Principal Investigator Leal, Ticiana

Phase II

Age Group Adult

Scope National

Sponsor Type Industry

Title A Parallel Phase 2 Study of Glesatinib, Sitravatinib or mocetinostat in Combination With Nivolumab in Advanced or Metastatic Non-Small Cell Lung Cancer

Objective The purpose of this study is to find out if subjects with non-small cell lung cancer that is not responding to treatment with an immunotherapy alone will benefit from treatment by adding the investigational agent sitravatinib to nivolumab. Sitravatinib is an investigational drug. This means that sitravatinib has not been approved by the US Food and Drug Administration (FDA) for the treatment of the disease you have, and it can only be given in a research study.

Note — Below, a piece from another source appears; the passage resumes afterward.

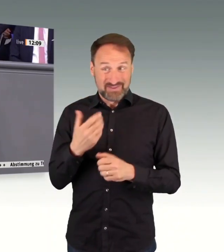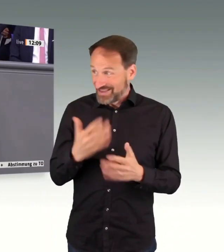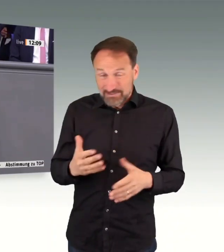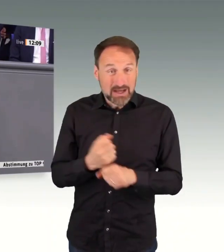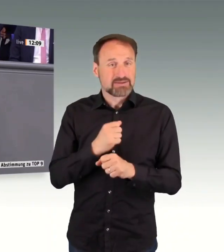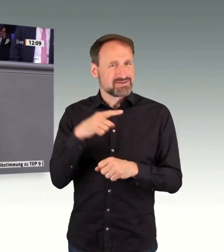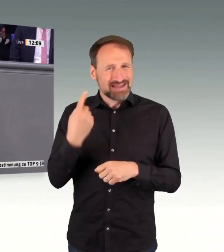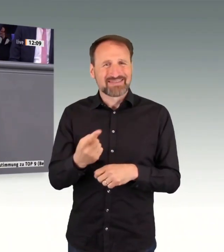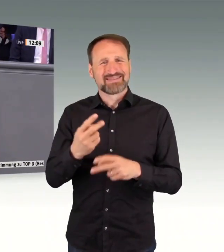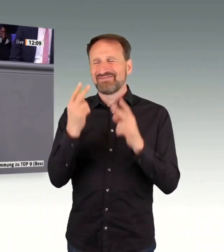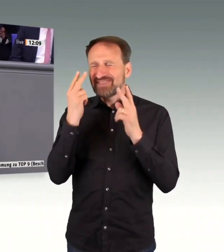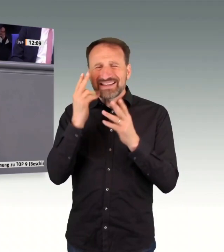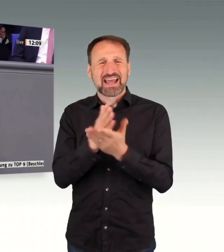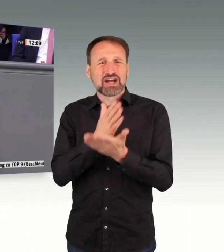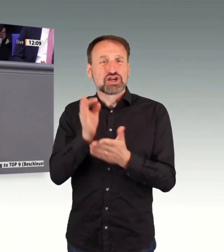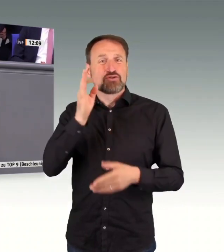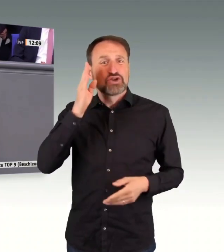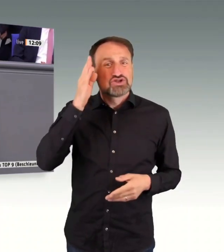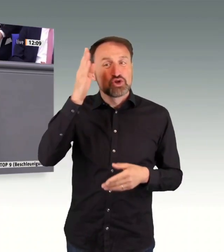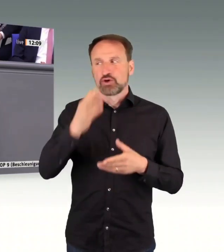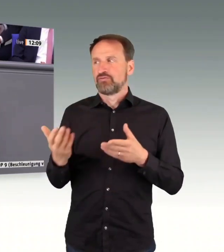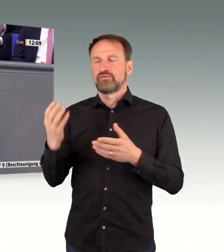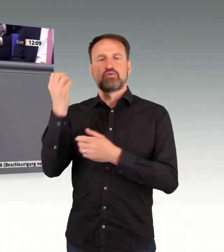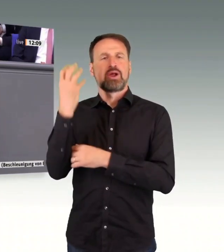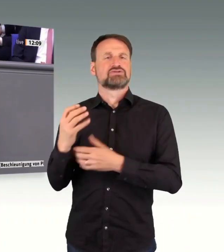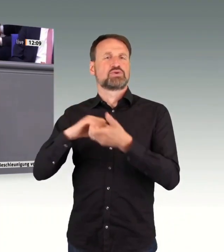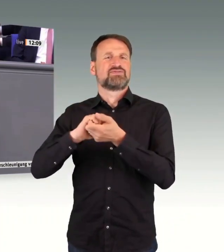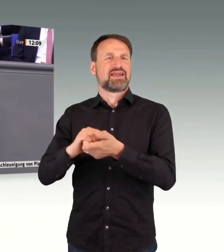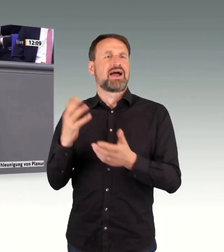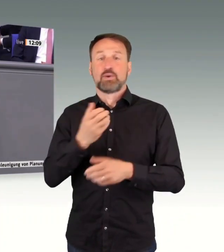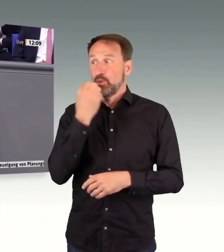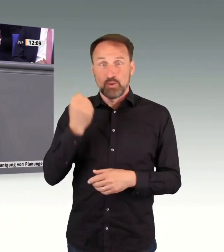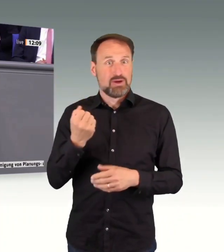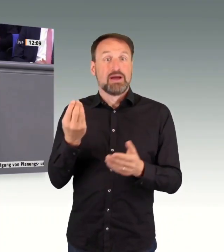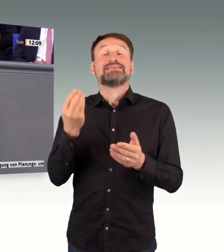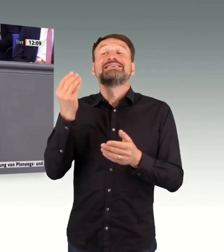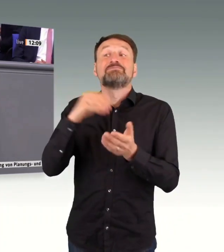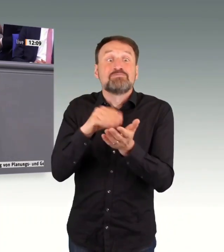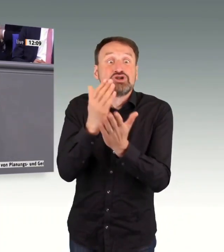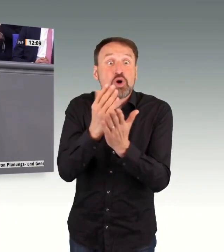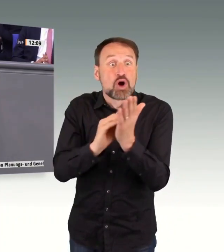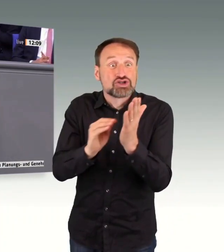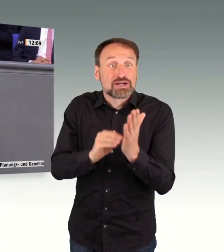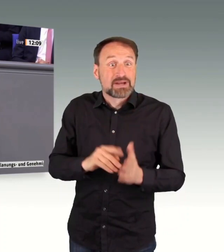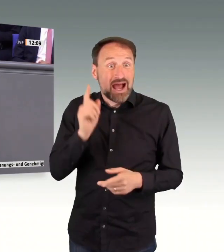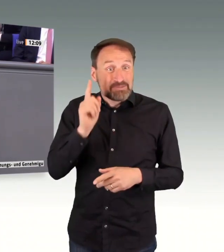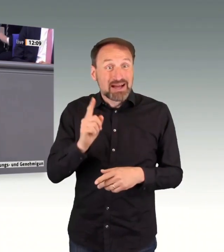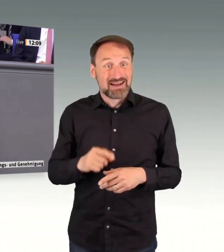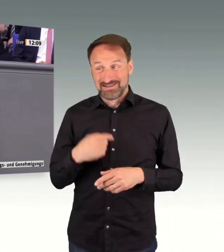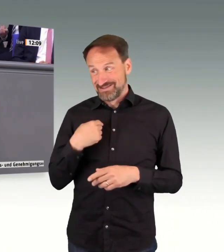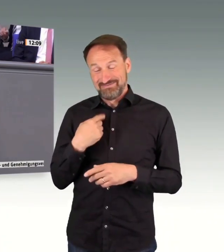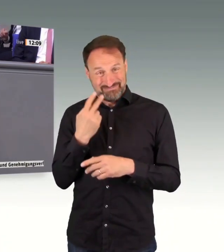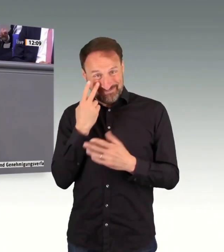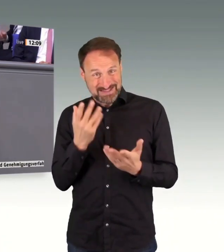konsolidiert bekommen oder nur mit sehr großem Aufwand. Wenn wir also diese Standardisierung nicht zu einem Bundesthema machen, und wenn wir nicht alles drei

Treatment Sitravatinib is an experimental drug that belongs to a class of drugs known as tyrosine kinase inhibitors. Sitravatinib is being developed as a possible treatment for different types of cancer. Sitravatinib is designed to block specific proteins that are thought to cause tumors to grow and to prevent growth of new blood vessels that help cancer tumors to grow and spread. In addition, research indicates that sitravatinib may help stimulate a subject's immune system, improving its ability to recognize and attack cancer cells. Nivolumab is an FDA approved, prescription drug that belongs to a class of drugs known as checkpoint inhibitors. Nivolumab can block these signal molecules, allowing the immune system to recognize and attack cancer cells.This study will evaluate whether the combination of immune system stimulation caused by sitravatinib and improved recognition of tumor cells caused by nivolumab results in more anti-tumor activity (tumor shrinkage) than would be expected with either agent used alone.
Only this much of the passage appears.